The American Cancer Society recommends 150–300 min of moderate intensity physical activity or 75–150 min of vigorous intensity physical activity per week47. A series of national surveys by the China Physical Fitness Surveillance Center revealed that the proportion of Chinese adults meeting the minimum recommendation of physical activity for leisure increased from 17.2% in 2000 to 22.8% in 201448. In contrast, data from the China Health and Nutrition Survey showed a worrying trend, showing that physical activity levels experienced a steady decrease49–51, which is expected due to mechanization, the transformation of economic structure, and changes in the living environment during the urbanization process. These surveys of physical activity rely on self-reports of activity, where accuracy is limited by high random error and systematic bias. High quality prevalence data are still urgently needed to evaluate the nationwide level of physical activity. In 2016, the Chinese government issued a new National Fitness Plan52 (2016–2020). According to the plan52, the per capita area of sports fields is expected to reach 1.8 square meters and the number of the people engaging in physical exercises at least once per week will increase to 700 million by 2020. The efficacy of this national plan needs to be evaluated in future studies.
Diet
Diet is an important risk factor for cancer, having a role in energy balance and in other biological mechanisms independent of body weight. However, determining a clear association of diet and nutrition with cancer is challenging, which could be attributed to the long latency between exposure and outcome, the complexity of dietary components, and the inevitable measurement errors. In collaboration with the American Institute for Cancer Research (AICR), the World Cancer Research Fund (WCRF) published the third expert report in 2018, which was widely recognized as the most authoritative and up-to-date resource for cancer prevention using diet and nutrition46. Independent expert panels convened by the WCRF/AICR evaluated the latest evidence from the Continuous Update Project and gave their recommendations.
The WCRF/AICR 2018 report concluded that greater dietary fiber and whole grain intake “probably” protect against colorectal cancer. Dietary fiber can influence bacterial species in the colon, whose fermentation products are considered to have anti-proliferative effects53. The proportions of colorectal cancer deaths attributable to low dietary fiber consumption were estimated to be more than 10% among both males and females in China19. Another important risk factor for colorectal cancer is a diet high in calcium and dairy products. The evidence that the intake of dairy products decreases colorectal cancer risk is considered “probable” by the WCRF/AICR. Estimates attribute 16.6% and 17.8% of colorectal cancer deaths to low dietary calcium consumption in males and females, respectively19. Red meat is an umbrella term referring to beef, veal, pork, lamb, goat, mutton, and horse meat, which are rich in heme iron. The most recent WCRF/AICR report considers the evidence “probable” that red meat consumption increases the risk of colorectal cancer. It was estimated that 4.4% of colorectal deaths in males and 3.3% in females could be attributed to red meat consumption in China19. Processed meat is considered “convincingly” associated with a higher risk of colorectal cancer. Similar to red meat, processed meat has high levels of fat and heme iron, which produces heterocyclic amines and polycyclic aromatic hydrocarbons during cooking at high temperatures. Almost 1% of colorectal cancer deaths in the Chinese population could be attributed to processed meat19.

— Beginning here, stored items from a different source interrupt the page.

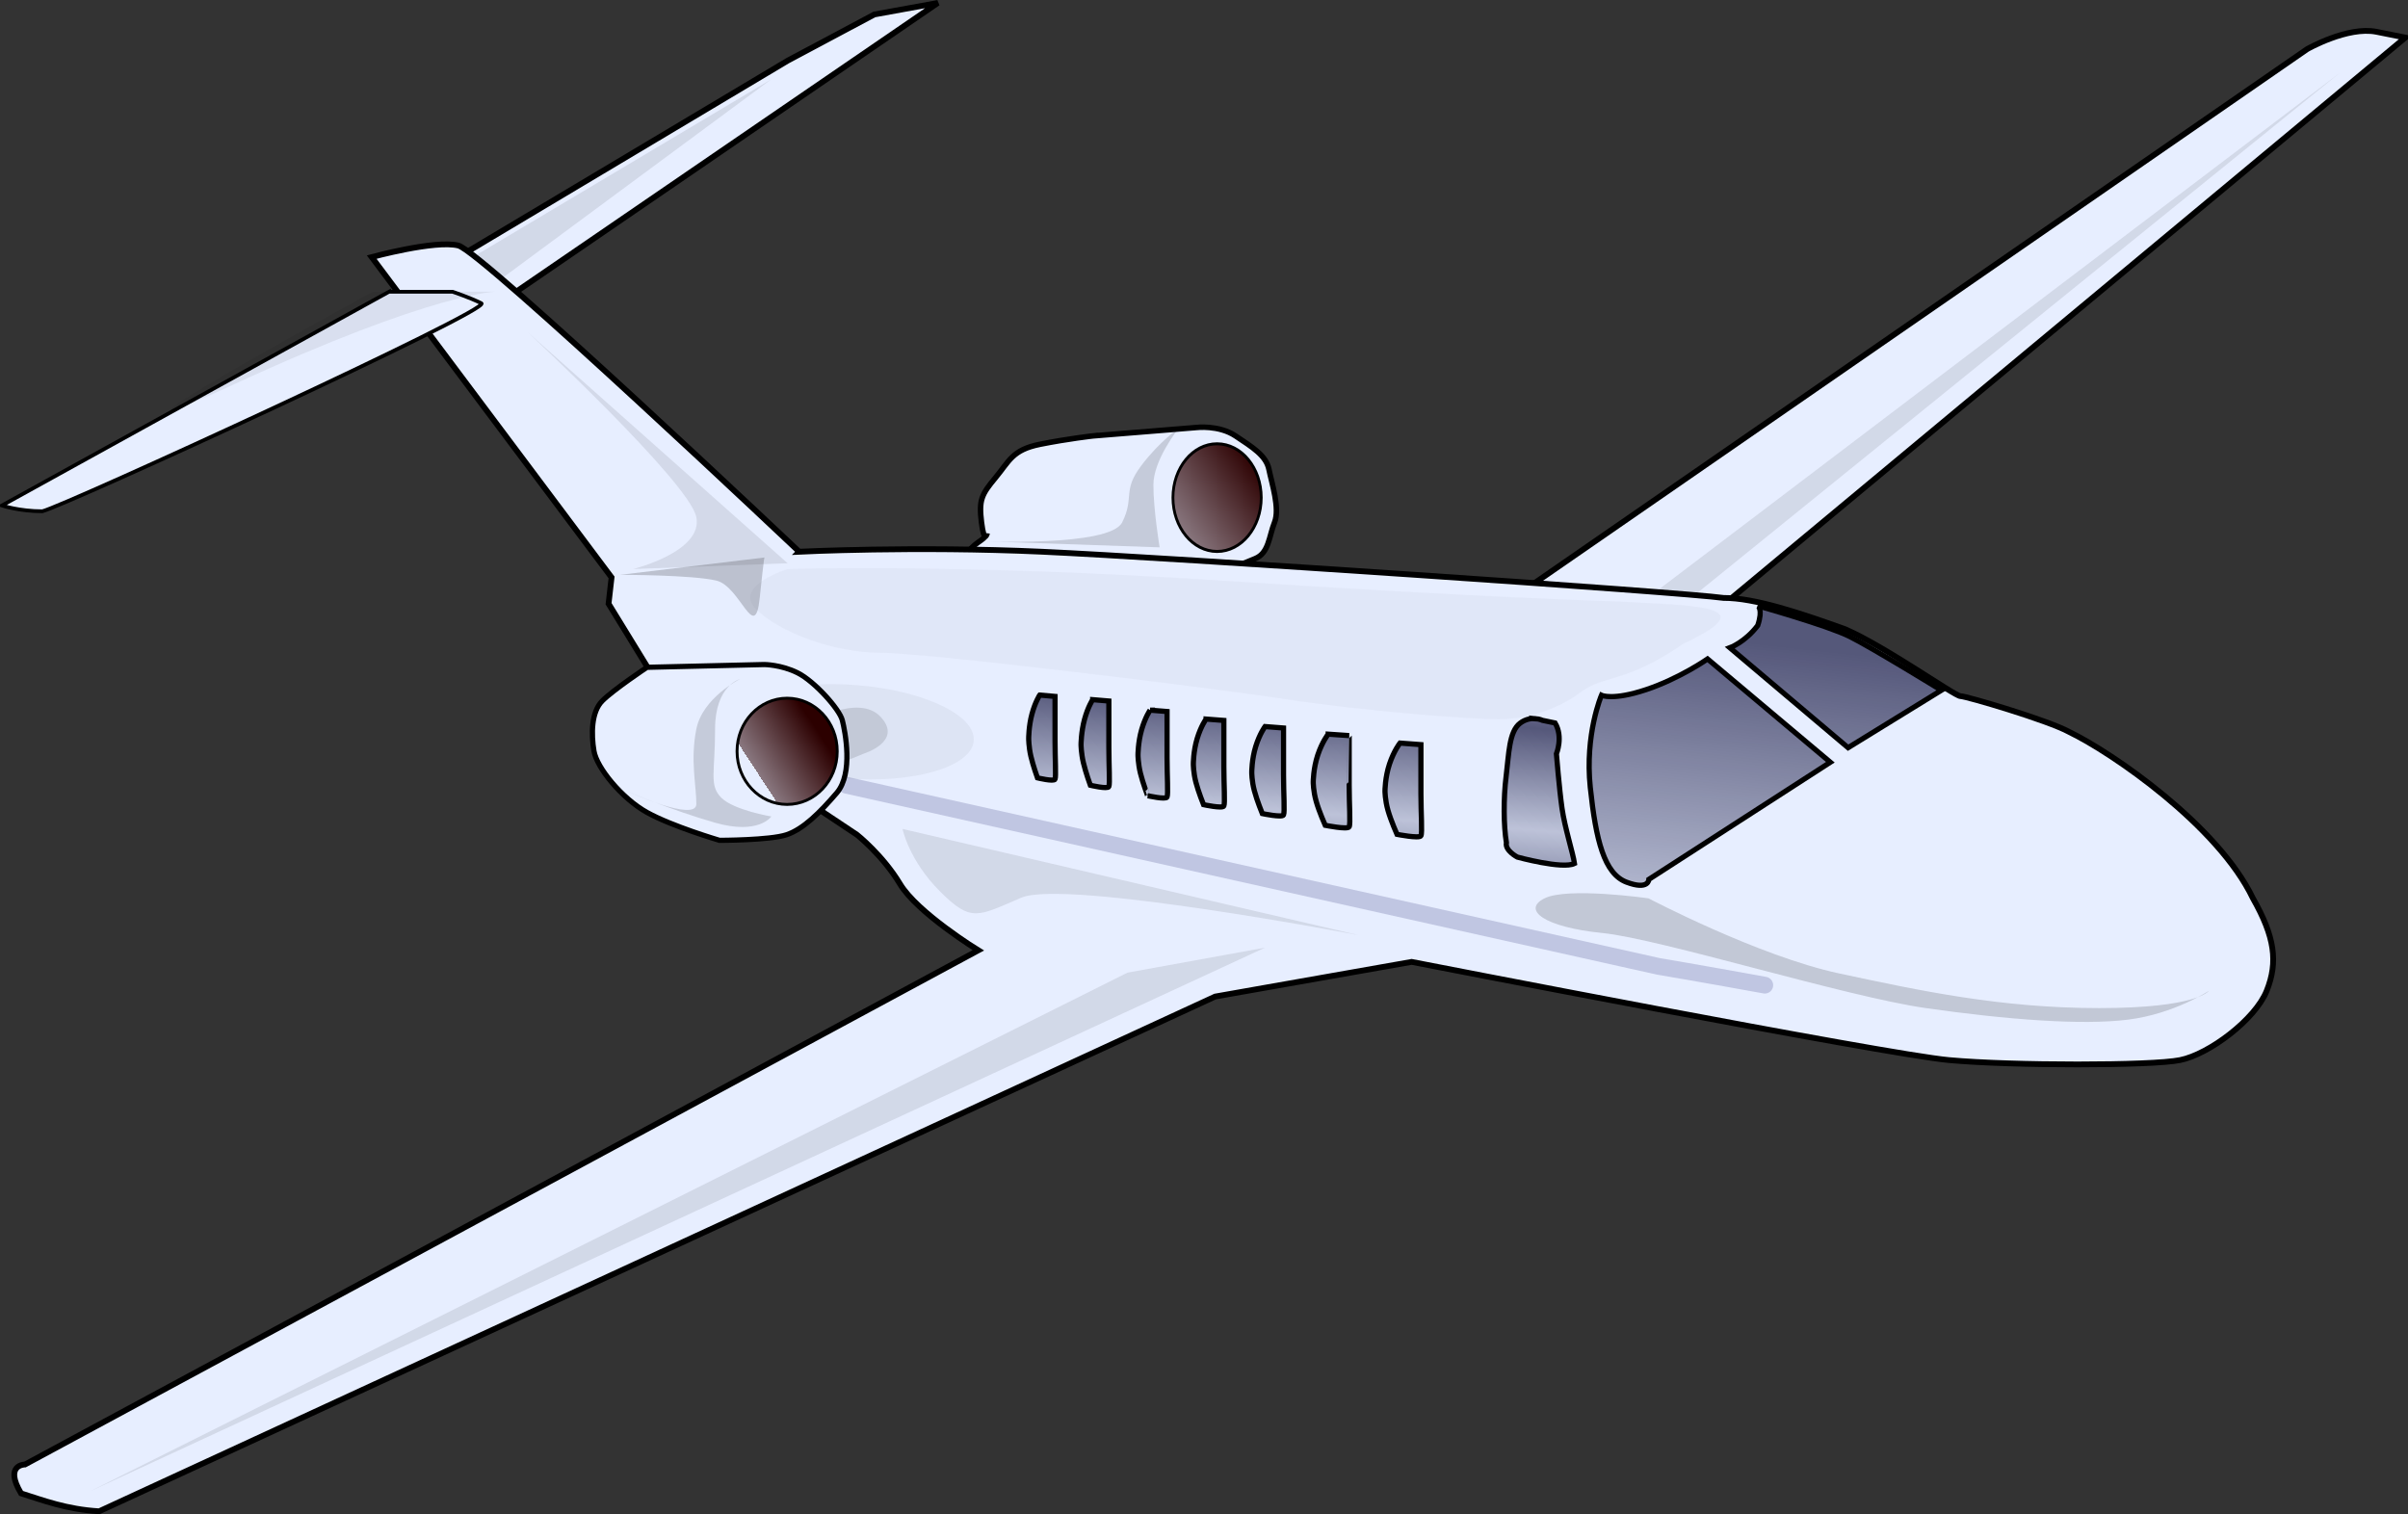 <?xml version="1.0" encoding="UTF-8" standalone="no"?>
<!-- Created with Inkscape (http://www.inkscape.org/) -->
<svg
    xmlns:inkscape="http://www.inkscape.org/namespaces/inkscape"
    xmlns:rdf="http://www.w3.org/1999/02/22-rdf-syntax-ns#"
    xmlns="http://www.w3.org/2000/svg"
    xmlns:sodipodi="http://sodipodi.sourceforge.net/DTD/sodipodi-0.dtd"
    xmlns:cc="http://creativecommons.org/ns#"
    xmlns:xlink="http://www.w3.org/1999/xlink"
    xmlns:dc="http://purl.org/dc/elements/1.1/"
    xmlns:svg="http://www.w3.org/2000/svg"
    xmlns:ns1="http://sozi.baierouge.fr"
    id="svg2"
    sodipodi:docname="Jarno_Business_jet.svg"
    viewBox="0 0 959.44 603.3"
    sodipodi:version="0.32"
    version="1.0"
    inkscape:output_extension="org.inkscape.output.svg.inkscape"
    y="0"
    x="0"
    inkscape:version="0.46"
  >
  <rect x="0" y="0" width="959.44" height="603.3" fill="#333333" stroke="none"/>
  <sodipodi:namedview
      id="base"
      bordercolor="#666666"
      inkscape:pageshadow="2"
      guidetolerance="10.0"
      pagecolor="#ffffff"
      gridtolerance="10.0"
      objecttolerance="10.0"
      borderopacity="1.0"
      inkscape:window-height="480"
      showgrid="false"
      inkscape:pageopacity="0.0"
      inkscape:window-width="640"
  />
  <defs
      id="defs3"
    >
    <linearGradient
        id="linearGradient2215"
      >
      <stop
          id="stop2217"
          style="stop-color:#00002d;stop-opacity:.633"
          offset="0"
      />
      <stop
          id="stop2226"
          style="stop-color:#00002d;stop-opacity:.184"
          offset="1"
      />
      <stop
          id="stop2219"
          style="stop-color:#00002d;stop-opacity:0"
          offset="1"
      />
    </linearGradient
    >
    <linearGradient
        id="linearGradient2159"
      >
      <stop
          id="stop2161"
          style="stop-color:#2c0000"
          offset="0"
      />
      <stop
          id="stop2167"
          style="stop-color:#89777f"
          offset="1"
      />
      <stop
          id="stop2163"
          style="stop-color:#e7eeff;stop-opacity:0"
          offset="1"
      />
    </linearGradient
    >
    <linearGradient
        id="linearGradient2281"
        x1="642.22"
        xlink:href="#linearGradient2215"
        gradientUnits="userSpaceOnUse"
        y1="344.91"
        gradientTransform="scale(1.121 .892)"
        x2="626.54"
        y2="457.05"
    />
    <linearGradient
        id="linearGradient2283"
        x1="823.26"
        xlink:href="#linearGradient2215"
        spreadMethod="reflect"
        gradientUnits="userSpaceOnUse"
        y1="232.18"
        gradientTransform="matrix(.7 0 0 1.429 -4 0)"
        x2="822.3"
        y2="256.84"
    />
    <linearGradient
        id="linearGradient2285"
        x1="401.74"
        xlink:href="#linearGradient2159"
        gradientUnits="userSpaceOnUse"
        y1="326.71"
        gradientTransform="scale(.973 1.028)"
        x2="380.66"
        y2="341.27"
    />
    <linearGradient
        id="linearGradient2287"
        x1="582.93"
        xlink:href="#linearGradient2159"
        gradientUnits="userSpaceOnUse"
        y1="225.81"
        gradientTransform="scale(.938 1.066)"
        x2="555.12"
        y2="250"
    />
  </defs
  >
  <g
      id="layer1"
      transform="translate(-46.454 -65.545)"
    >
    <g
        id="g2255"
        transform="matrix(1.151 0 0 1.151 -79.396 -32.389)"
      >
      <path
          id="path1372"
          style="fill-rule:evenodd;stroke:#000000;stroke-width:1.9;fill:#e7eeff"
          d="m487.75 235.99l35.74-2.9s7.73-0.96 13.53 2.9c5.79 3.87 10.62 6.77 11.59 11.6s3.86 13.52 1.93 18.35-1.93 10.63-6.76 12.56-8.7 3.87-13.53 4.83c-4.83 0.97-88.88-3.86-88.88-3.86s3.87-4.83 6.77-6.77c2.89-1.93 2.89-2.89 2.89-2.89s-0.96 3.86-1.93-3.87c-0.96-7.73 0-9.66 4.83-15.46 4.83-5.79 5.8-9.66 15.46-11.59s18.36-2.9 18.36-2.9z"
      />
      <path
          id="path1362"
          style="fill-rule:evenodd;stroke:#000000;stroke-width:2;fill:#e7eeff"
          d="m268 174.09l114-68 30-15.996 22-4-146 99.996-20-12z"
      />
      <path
          id="path2209"
          style="fill-rule:evenodd;fill:#000000;fill-opacity:.092"
          d="m274.69 173.08l101.66-60.56-99.5 73.54-2.16-12.98z"
      />
      <path
          id="path1360"
          style="fill-rule:evenodd;stroke:#000000;stroke-width:2;fill:#e7eeff"
          d="m636 290.09l272-188s14-7.996 24-5.996l10 2-238 198-68-6z"
      />
      <path
          id="path2205"
          style="fill-rule:evenodd;fill:#000000;fill-opacity:.092"
          d="m692.13 294.21l227.11-183.85-250.9 190.34 23.79-6.49z"
      />
      <path
          id="path1358"
          style="fill-rule:evenodd;stroke:#000000;stroke-width:2;fill:#e7eeff"
          d="m386 276.09s40-2 84 0 222 14 236 16c10.72-0.04 26.31 5.18 41.95 10.78 14 6 38.05 23.22 40.05 23.22s30.31 8.37 37.59 12.37c15.06 7.27 51.59 32.45 63.64 57.63 7.54 13.3 8.77 22 4.77 32s-20 22-30 24-58 2-80 0-186-34-186-34l-68 12-386.34 178.21c-11.34-0.68-19.39-3.8-27.03-6.21-6-10 1.37-10 1.37-10l330-178s-21.1-12.96-27.1-22.96-14.9-17.04-14.9-17.04l-12-8-45.27-25.17-28.73-46.83 1.04-9.1-83.04-110.9s22-6 30-4 118 106 118 106z"
      />
      <path
          id="path2253"
          d="m430.42 338.55c0 8.96-15.49 16.22-34.61 16.22-19.11 0-34.61-7.26-34.6-16.22-0.01-8.96 15.49-16.23 34.6-16.23 19.12 0 34.61 7.27 34.61 16.23z"
          style="fill:#000000;fill-opacity:.043"
          transform="matrix(1.228 .097 -.12 .995 -41.531 -36.824)"
      />
      <path
          id="path2251"
          style="stroke-opacity:.168;stroke:#000058;stroke-linecap:round;stroke-width:5.8;fill:none"
          d="m402.3 356.93l281.18 62.73s12.98 2.16 36.77 6.49"
      />
      <path
          id="path1374"
          style="fill-rule:evenodd;fill:#000000;fill-opacity:.119"
          d="m393 352.26l15.46-6.31s13.52-4.2 5.79-12.62c-7.72-8.41-25.11 2.11-25.11 2.11l3.86 16.82z"
      />
      <path
          id="path1364"
          style="fill-rule:evenodd;stroke:#000000;stroke-width:1.3;fill:#e7eeff"
          d="m244 186.09l-134 74s6 2 14 2c8-2 156-70 152-72s-10-4-10-4h-22z"
      />
      <path
          id="path1370"
          style="fill-rule:evenodd;stroke:#000000;stroke-width:1.8;fill:#e7eeff"
          d="m333.31 316.11l40.57-0.96s5.8 0 11.59 2.89c5.8 2.9 14.5 12.56 15.46 16.43 0.97 3.86 3.87 18.35-1.93 25.12-5.8 6.76-11.59 12.56-17.39 14.49s-23.19 1.93-23.19 1.93-16.42-4.83-25.11-9.66c-8.7-4.83-17.39-15.46-18.36-21.26-0.97-5.79-0.97-13.52 2.9-17.39 3.86-3.86 15.46-11.59 15.46-11.59z"
      />
      <path
          id="path1376"
          style="fill-rule:evenodd;stroke:#000000;stroke-width:1.8;fill:url(#linearGradient2281)"
          d="m717.81 294.84s1.93 0.99 0 6.78c-4.39 5.8-9.65 7.72-9.65 7.72l40.93 34.6 32.29-19.88s-23.96-14.73-31.69-18.59c-7.73-3.87-31.88-10.63-31.88-10.63zm-17.37 18.38s-9.69 6.76-21.28 10.62c-11.6 3.87-15.44 1.94-15.44 1.94s-5.81 13.52-3.88 31.88c1.94 18.35 4.84 29.94 12.57 32.84s7.71-0.97 7.71-0.97l62.82-40.56-42.5-35.75z"
      />
      <path
          id="path1380"
          style="fill-rule:evenodd;stroke:#000000;stroke-width:1.8;fill:url(#linearGradient2283)"
          d="m469.25 325.72s-1.55 2.37-2.69 6.59c-1.14 4.23-1.12 8.44-1.12 8.44s-0.01 2.84 0.75 6.13c0.76 3.28 2.28 7.5 2.28 7.5s5.71 1.4 6.09 0.46 0-7.05 0-13.15v-15.5l-5.31-0.47zm18.34 1.59s-1.61 2.41-2.81 6.78-1.22 8.75-1.22 8.75 0.01 2.92 0.82 6.32c0.8 3.4 2.4 7.78 2.4 7.78s6.01 1.44 6.41 0.47c0.4-0.98 0-7.28 0-13.6v-16.03l-5.6-0.47zm19.88 3.63s-1.68 2.41-2.94 6.78-1.25 8.75-1.25 8.75 0.01 2.91 0.84 6.31c0.84 3.4 2.51 7.78 2.5 7.78 0 0 6.3 1.44 6.72 0.47s0-7.28 0-13.59v-16.03l-5.87-0.47zm133.41 2.94c-1.45-0.13-3.39 0.11-5.32 1.56-3.86 2.9-3.88 10.61-4.84 18.34-0.97 7.73-0.87 17.27 0.09 23.06-0.58 2.69 3.78 4.97 3.78 4.97s15.64 4.29 19.79 2.22c-0.52-3.62-3.35-12.33-4.32-19.09-0.96-6.77-1.94-18.88-1.94-18.88s2.43-5.85-0.46-10.68c-0.83-0.18-4.38-0.91-4.38-0.91s-0.96-0.47-2.4-0.59zm-114.04 0.15s-1.77 2.41-3.09 6.78-1.31 8.75-1.31 8.75-0.01 2.92 0.87 6.32c0.88 3.39 2.66 7.78 2.66 7.78s6.59 1.44 7.03 0.46c0.44-0.97 0-7.28 0-13.59v-16.03l-6.16-0.47zm20.41 2.59s-1.84 2.47-3.22 6.91-1.37 8.91-1.37 8.91-0.02 2.95 0.9 6.4c0.92 3.46 2.75 7.91 2.75 7.91s6.89 1.46 7.35 0.47 0-7.4 0-13.81v-16.29l-6.41-0.5zm21.87 2.63s-2.07 2.59-3.62 7.25-1.56 9.31-1.56 9.31-0.01 3.1 1.03 6.72c1.03 3.63 3.12 8.28 3.12 8.28s7.77 1.57 8.29 0.53c0.51-1.03-0.01-7.77 0-14.5 0-6.73-0.01-17.09 0-17.09l-7.26-0.5zm24.85 3.09s-2.07 2.59-3.63 7.25c-1.55 4.66-1.56 9.32-1.56 9.32s0 3.09 1.03 6.71c1.04 3.63 3.13 8.32 3.13 8.32s7.76 1.53 8.28 0.5c0.52-1.04 0-7.77 0-14.5v-17.06l-7.25-0.54z"
      />
      <path
          id="path1396"
          style="stroke:#000000;fill:url(#linearGradient2285)"
          d="m399.16 345.19c0.01 10.15-7.76 18.39-17.34 18.39s-17.35-8.24-17.34-18.39c-0.01-10.15 7.76-18.39 17.34-18.39s17.35 8.24 17.34 18.39z"
      />
      <path
          id="path2157"
          d="m550.86 255.88c0 10.3-7.31 18.64-16.31 18.64-9.01 0-16.31-8.34-16.31-18.64 0-10.29 7.3-18.63 16.31-18.63 9 0 16.31 8.34 16.31 18.63z"
          style="stroke:#000000;stroke-width:1.033;fill:url(#linearGradient2287)"
          transform="matrix(.937 0 0 1 29.784 1.482)"
      />
      <path
          id="path2177"
          style="fill-rule:evenodd;fill:#000000;fill-opacity:.162"
          d="m874 428.09s-4 6-38 6-62-6-90-12-66-26-66-26-28-4-36 0 0 10 20 12 84 22 112 26 54 6 70 4 28-10 28-10z"
      />
      <path
          id="path2179"
          style="fill-rule:evenodd;fill:#000000;fill-opacity:.189"
          d="m324 284.09l50-6s0-2-1.67 14c-1.66 16-6.66-4-15-6-8.33-2-33.33-2-33.33-2z"
      />
      <path
          id="path2181"
          style="fill-rule:evenodd;fill:#000000;fill-opacity:.086"
          d="m328.49 282.09l53.51-2-90-80s55.95 52 58.38 64-21.89 18-21.89 18z"
      />
      <path
          id="path2183"
          style="fill-rule:evenodd;fill:#595b5e;fill-opacity:.043"
          d="m382 282.09s58-2 150 4 137.82 7.24 137.82 7.24c28.3 1.53 50 1.53 22.3 14.59-20.06 13.82-27.53 10.76-35.53 16.76s-18.59 9.41-28.59 9.41-46.98-2.86-72.98-6.86-125.02-16.16-141.02-16.16-34.98-7.14-42.98-15.14 10.98-13.84 10.98-13.84z"
      />
      <path
          id="path2201"
          style="fill-rule:evenodd;fill:#000000;fill-opacity:.092"
          d="m421.77 372.07l157.89 36.77s-101.66-19.46-116.8-12.97c-15.14 6.48-17.3 8.65-28.11-2.17-10.82-10.81-12.98-21.63-12.98-21.63z"
      />
      <path
          id="path2203"
          style="fill-rule:evenodd;fill:#000000;fill-opacity:.092"
          d="m140.59 601.34l406.63-188.17-47.59 8.65-359.04 179.52z"
      />
      <path
          id="path2207"
          style="fill-rule:evenodd;fill:#000000;fill-opacity:.065"
          d="m238.46 186.06h42.72s-21.36 0-90.77 32.04 48.05-32.04 48.05-32.04z"
      />
      <path
          id="path2211"
          style="fill-rule:evenodd;fill:#000000;fill-opacity:.146"
          d="m448.05 272.42s45.42 2.16 49.75-6.49c4.32-8.65 0-10.82 6.48-19.47 6.49-8.65 12.98-12.98 12.98-12.98s-8.65 10.82-8.65 19.47 2.16 21.63 2.16 21.63l-62.72-2.16z"
      />
      <path
          id="path2213"
          style="fill-rule:evenodd;fill:#000000;fill-opacity:.146"
          d="m365.53 320.16s-8.65 2.17-8.65 17.31-2.16 19.46 2.16 23.79c4.33 4.32 17.31 6.49 17.31 6.49s-4.33 6.49-19.47 2.16-30.28-10.81-30.28-10.81 23.79 10.81 23.79 4.32-2.16-15.14 0-25.95c2.17-10.82 15.14-17.31 15.14-17.31z"
      />
    </g
    >
  </g
  >
</svg
>

Vegetables and fruits contain numerous potential anti-tumorigenic agents, including fiber, minerals, carotenoids, phenols, indoles, etc. In addition, intervention studies showed that consumption of vegetables and fruits could contribute to weight management54. They may also indirectly decrease cancer risk by influencing body weight. The WCRF/AICR report concluded that the intake of vegetables and fruits is “probably” associated with a lower risk in aerodigestive cancer46. Low fruit intake was ranked the top risk factor for cancer deaths in females and ranked as third in males. The WCRF/AICR report stated that salt-preserved food is “probably” related to the higher risk of stomach cancer46. It is probable that the formation of N-nitroso compounds and the change of gastric mucus viscosity are responsible for the increased risk of stomach cancer. The recent estimates in China attributed 3.6% of stomach cancer deaths in males and 3.7% in females to salt-preserved vegetable consumption19.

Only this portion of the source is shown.